Strangely, despite being a sendoff to the classic series on the SNES, Mega Man and Bass/Rockman and Forte is not included here. This was a Super Famicom-exclusive game, so it could have been a translation issue – but an English translation was made for the GBA that could be have applied to it. It was an even tougher game than MM9 and possibly the toughest game in the entire series. It being included here would be a nice bonus for those who only had the GBA version as the console was far superior, and more fair because you didn’t have a cropped screen to work around. The collection doesn’t feel incomplete without it – but when you know it’s something they could have put in and didn’t, it’s a bit disappointing. The same also holds true for the Power Battle and Mega Man and Chase games that were included on the PS2 collections – they weren’t essential additions, but added value to the overall package. Since this one is fairly lean on games, it does feel like it’s a bit less of a deal than prior ones, even with the inclusion of more recent games.

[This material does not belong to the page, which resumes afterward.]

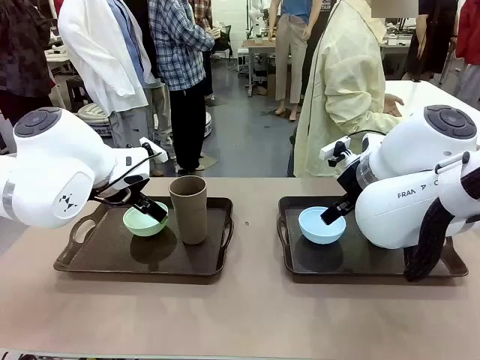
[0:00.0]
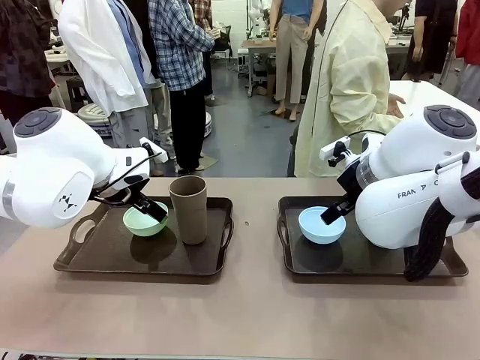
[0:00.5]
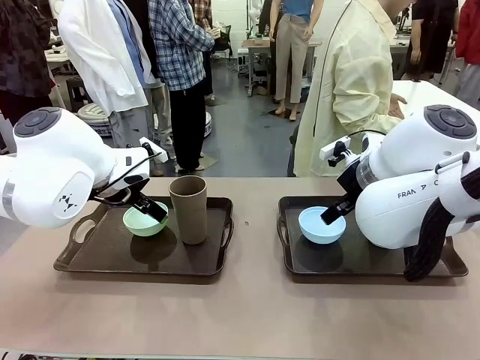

Legacy Collection 2 has about the same level of extra content as the first. Things like scanline filters are also here, but those usually just come off like a gimmick. One great thing about playing 8 and 16-bit games via HDMI is that the pixel art truly does shine with that level of clarity – even if many NES-era games used CRT-scanlines as a way to fill in colors that couldn’t be included due to hardware limits. LC 2 also brings a new lineup of remixed stages and other challenges. The original challenges in 9 and 10 are back, with tougher challenges available if you so desire. Mega Man 7 and 8 didn’t have challenges in them, but the new challenges allow you to test your skills if you’ve already beaten it – or gain some practice if you’re a bit rusty.
From a graphical perspective, everything looks as it should. Beyond the increased resolution for the Mega Man 8 cutscenes, you can choose to have the games in their original aspect ratio, or a 4:3 aspect ratio, or even stretched out. That option isn’t ideal, but if you absolutely must have all of your TV’s real estate used up, give it a shot. Otherwise, the 4:3 setup is probably the best overall one to use. It may not be 100% pixel-accurate, but it fills up enough of the screen while still maintaining the same overall shape of CRT TVs and allows the games to look great without stretching things out unnaturally.
Musically, everything sounds accurate – and Capcom has always been good about making sure the music and sound effects of their compilations are as accurate as possible. Poor emulation of game’s audio can take you out of the experience, so having it replicated perfectly is a huge help. As with the original Legacy Collection, the addition of the OST for every included game is outstanding and something that allows those who have never fully appreciated the soundtracks to enjoy them on their own with crystal-sharp clarity.
Mega Man Legacy Collection 2 may not be the best bang for the buck in the history of the franchise, but it does still offer up the definitive way to play Mega Man 7, 9, and 10 – with the PS1 version of 8 being replicated better here than in prior compilations. Extras like an art gallery and the OSTs being available for all of the games are nice perks, and offer up more out of game value than prior collections to be fair. The controls are spot-on as are the graphics, with audio emulation being perfect. It’s a great buy for anyone who loved the series before – or might have missed out on the latter-day classic entries.
Reviewed By: Jeremy Peeples
This review is based on a digital copy of Mega Man Legacy Collection 2 for the PlayStation 4 provided by Capcom.